What is required:
Could you report every line from the entries that includes the word "height"?

Task input Start Marker

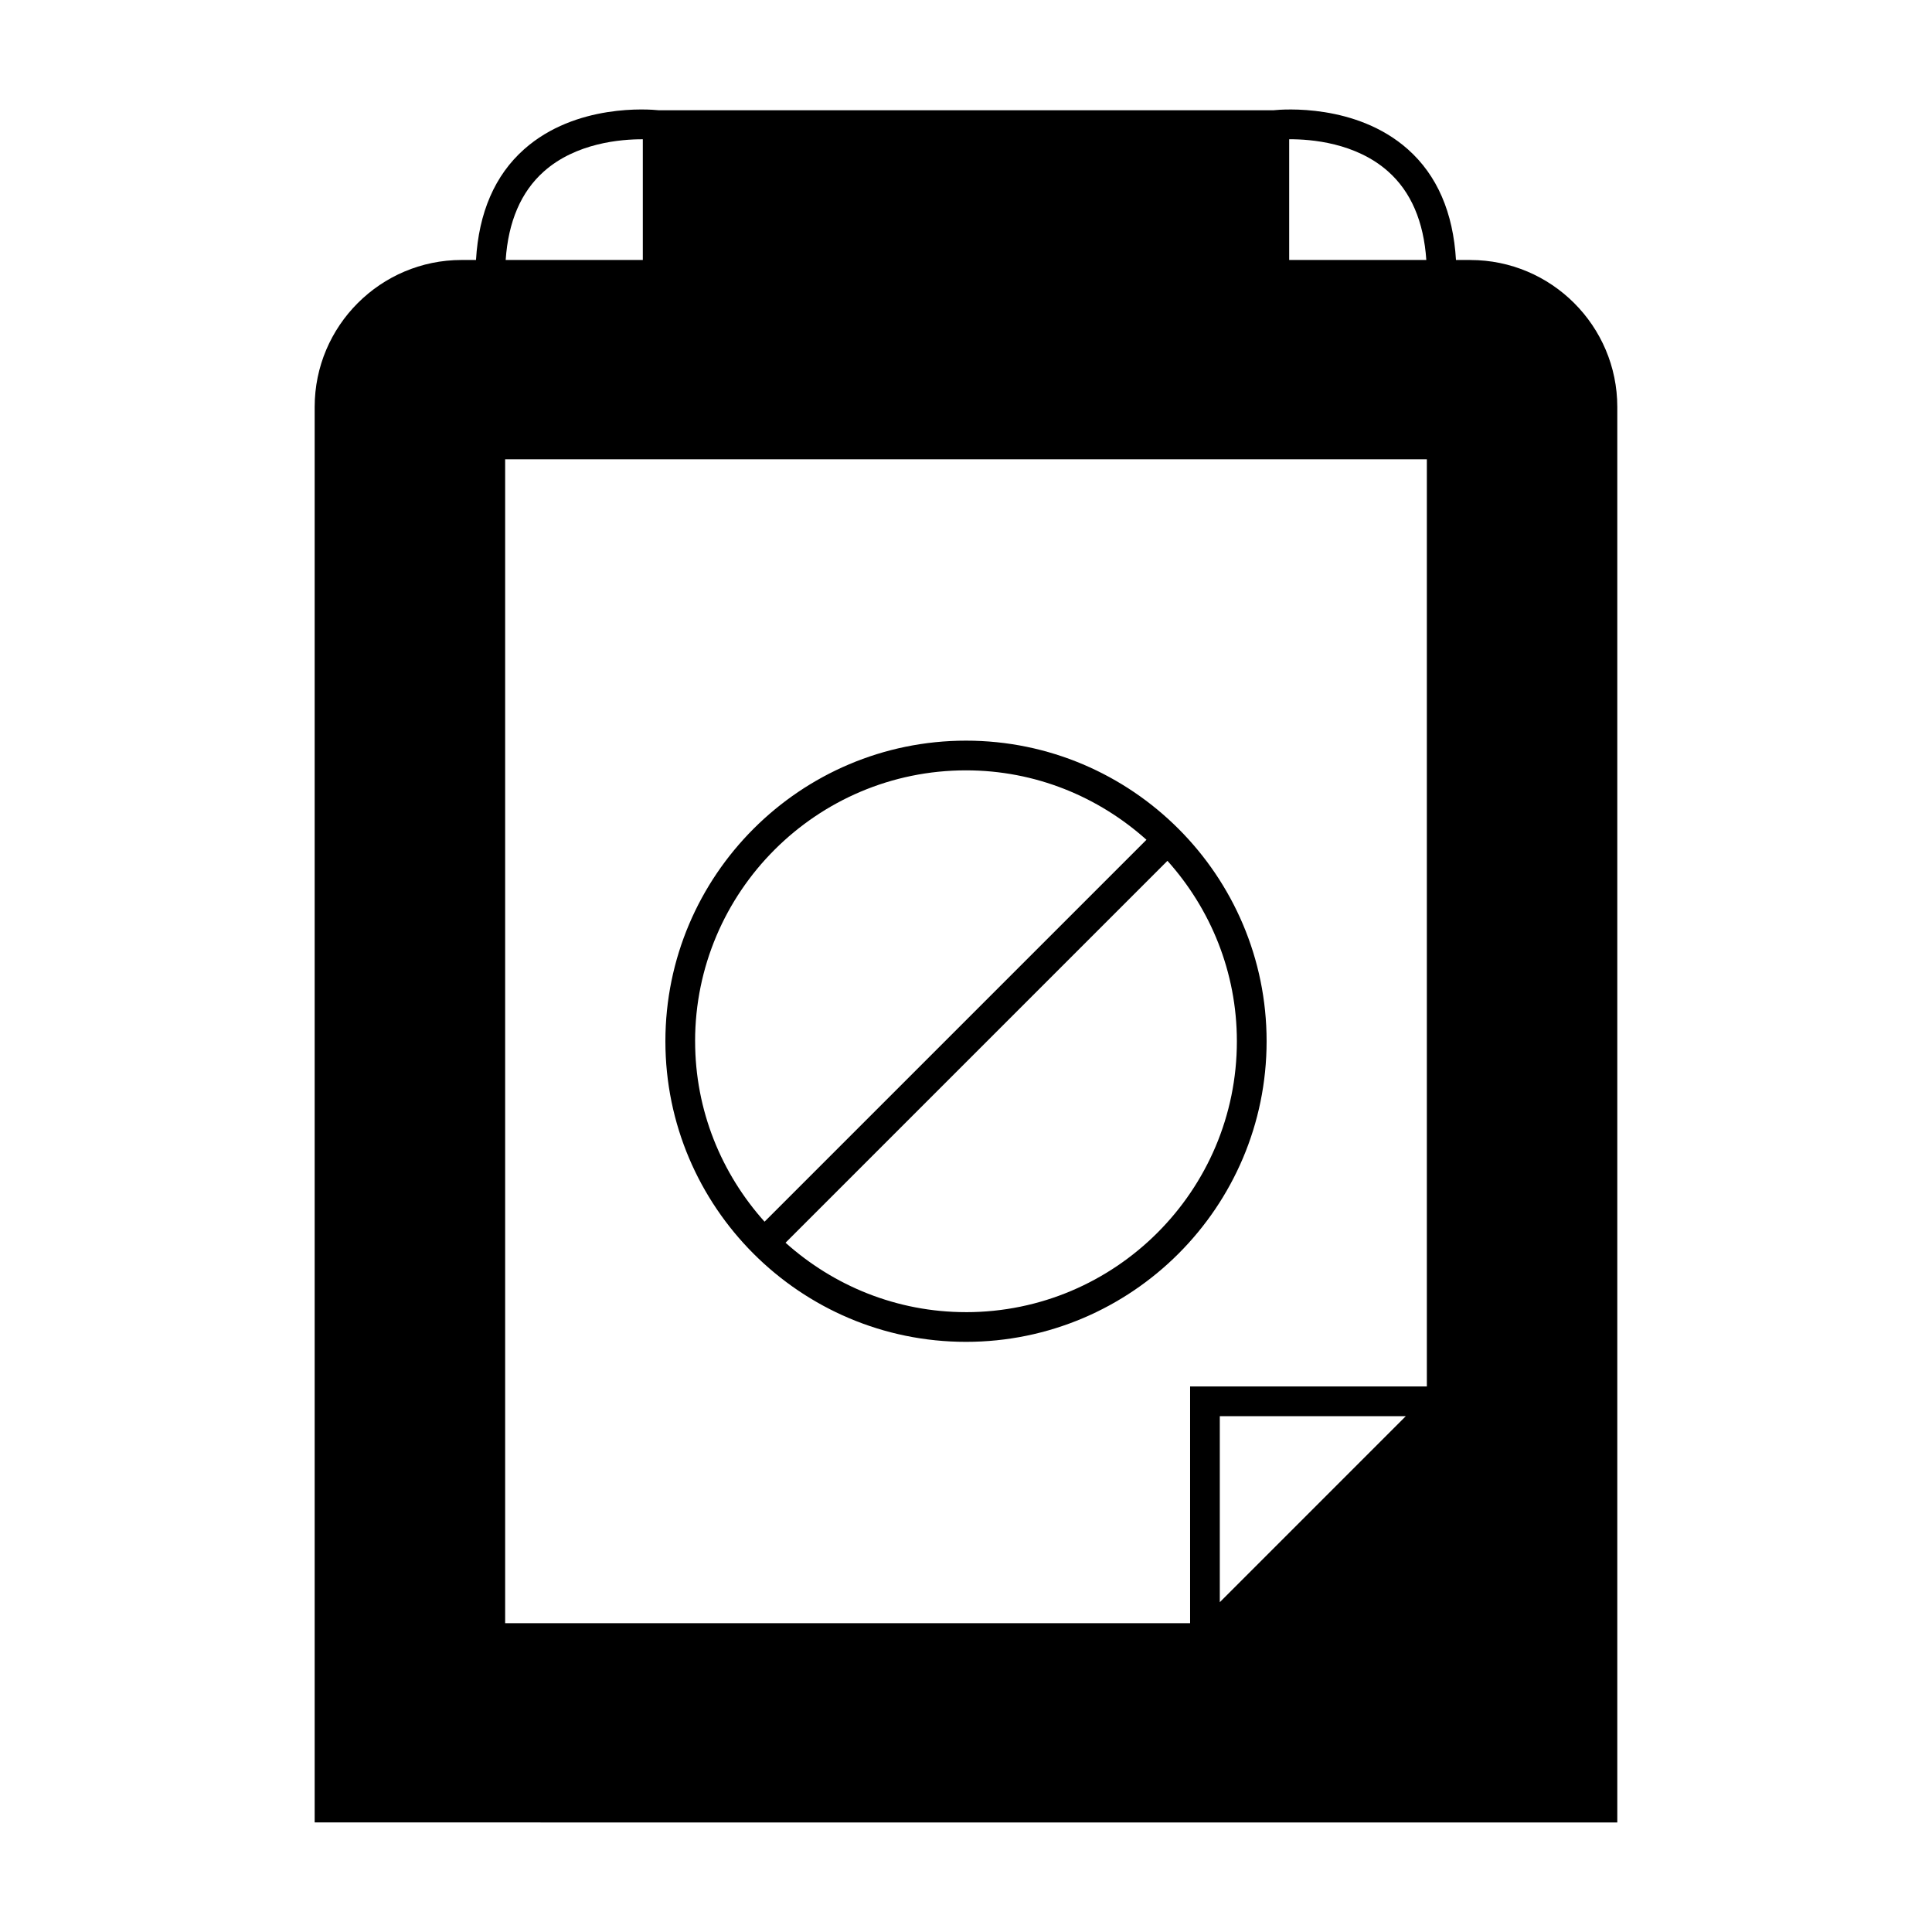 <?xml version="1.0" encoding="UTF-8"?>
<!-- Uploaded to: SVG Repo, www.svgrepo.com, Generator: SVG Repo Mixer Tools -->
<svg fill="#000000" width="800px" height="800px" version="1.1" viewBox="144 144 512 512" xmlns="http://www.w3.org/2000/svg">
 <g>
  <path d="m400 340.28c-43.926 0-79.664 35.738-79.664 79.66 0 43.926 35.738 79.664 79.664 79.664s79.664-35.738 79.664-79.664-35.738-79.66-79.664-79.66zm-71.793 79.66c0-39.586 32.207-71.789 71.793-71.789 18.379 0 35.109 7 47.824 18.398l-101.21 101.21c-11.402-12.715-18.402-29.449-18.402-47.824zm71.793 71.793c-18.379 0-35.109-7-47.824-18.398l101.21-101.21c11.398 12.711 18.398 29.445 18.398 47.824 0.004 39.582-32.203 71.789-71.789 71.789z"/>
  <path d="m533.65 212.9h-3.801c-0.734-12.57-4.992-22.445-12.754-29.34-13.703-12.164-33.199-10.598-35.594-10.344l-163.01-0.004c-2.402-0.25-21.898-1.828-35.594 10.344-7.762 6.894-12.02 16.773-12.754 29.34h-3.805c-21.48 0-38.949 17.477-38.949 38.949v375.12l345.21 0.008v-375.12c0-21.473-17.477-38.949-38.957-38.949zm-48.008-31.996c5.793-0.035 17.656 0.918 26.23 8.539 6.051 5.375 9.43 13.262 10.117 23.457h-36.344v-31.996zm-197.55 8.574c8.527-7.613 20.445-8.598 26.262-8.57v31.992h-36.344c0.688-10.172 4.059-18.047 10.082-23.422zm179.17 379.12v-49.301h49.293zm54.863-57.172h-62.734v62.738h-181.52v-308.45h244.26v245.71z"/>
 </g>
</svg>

Task input End Marker
Task input Start Marker

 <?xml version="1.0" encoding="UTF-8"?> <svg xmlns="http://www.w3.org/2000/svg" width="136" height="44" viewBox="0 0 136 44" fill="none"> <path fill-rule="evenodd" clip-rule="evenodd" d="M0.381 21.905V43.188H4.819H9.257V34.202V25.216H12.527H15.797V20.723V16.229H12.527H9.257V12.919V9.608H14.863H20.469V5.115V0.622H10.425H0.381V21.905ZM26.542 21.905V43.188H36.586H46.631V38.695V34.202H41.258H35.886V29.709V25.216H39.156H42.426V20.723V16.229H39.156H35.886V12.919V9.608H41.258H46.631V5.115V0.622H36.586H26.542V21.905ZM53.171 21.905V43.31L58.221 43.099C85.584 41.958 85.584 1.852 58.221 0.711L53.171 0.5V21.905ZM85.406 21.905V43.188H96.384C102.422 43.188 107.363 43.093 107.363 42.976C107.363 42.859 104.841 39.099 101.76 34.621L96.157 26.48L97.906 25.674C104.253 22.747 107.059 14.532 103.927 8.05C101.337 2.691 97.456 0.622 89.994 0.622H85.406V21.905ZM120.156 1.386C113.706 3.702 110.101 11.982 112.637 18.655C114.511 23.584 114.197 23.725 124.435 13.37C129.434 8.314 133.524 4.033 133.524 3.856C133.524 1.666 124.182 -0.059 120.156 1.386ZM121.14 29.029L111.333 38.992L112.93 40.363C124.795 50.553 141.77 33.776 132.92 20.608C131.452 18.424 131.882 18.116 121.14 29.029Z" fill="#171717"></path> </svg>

Task input End Marker

Exercise response:
<svg fill="#000000" width="800px" height="800px" version="1.1" viewBox="144 144 512 512" xmlns="http://www.w3.org/2000/svg">
 <?xml version="1.0" encoding="UTF-8"?> <svg xmlns="http://www.w3.org/2000/svg" width="136" height="44" viewBox="0 0 136 44" fill="none"> <path fill-rule="evenodd" clip-rule="evenodd" d="M0.381 21.905V43.188H4.819H9.257V34.202V25.216H12.527H15.797V20.723V16.229H12.527H9.257V12.919V9.608H14.863H20.469V5.115V0.622H10.425H0.381V21.905ZM26.542 21.905V43.188H36.586H46.631V38.695V34.202H41.258H35.886V29.709V25.216H39.156H42.426V20.723V16.229H39.156H35.886V12.919V9.608H41.258H46.631V5.115V0.622H36.586H26.542V21.905ZM53.171 21.905V43.31L58.221 43.099C85.584 41.958 85.584 1.852 58.221 0.711L53.171 0.5V21.905ZM85.406 21.905V43.188H96.384C102.422 43.188 107.363 43.093 107.363 42.976C107.363 42.859 104.841 39.099 101.76 34.621L96.157 26.48L97.906 25.674C104.253 22.747 107.059 14.532 103.927 8.05C101.337 2.691 97.456 0.622 89.994 0.622H85.406V21.905ZM120.156 1.386C113.706 3.702 110.101 11.982 112.637 18.655C114.511 23.584 114.197 23.725 124.435 13.37C129.434 8.314 133.524 4.033 133.524 3.856C133.524 1.666 124.182 -0.059 120.156 1.386ZM121.14 29.029L111.333 38.992L112.93 40.363C124.795 50.553 141.77 33.776 132.92 20.608C131.452 18.424 131.882 18.116 121.14 29.029Z" fill="#171717"></path> </svg>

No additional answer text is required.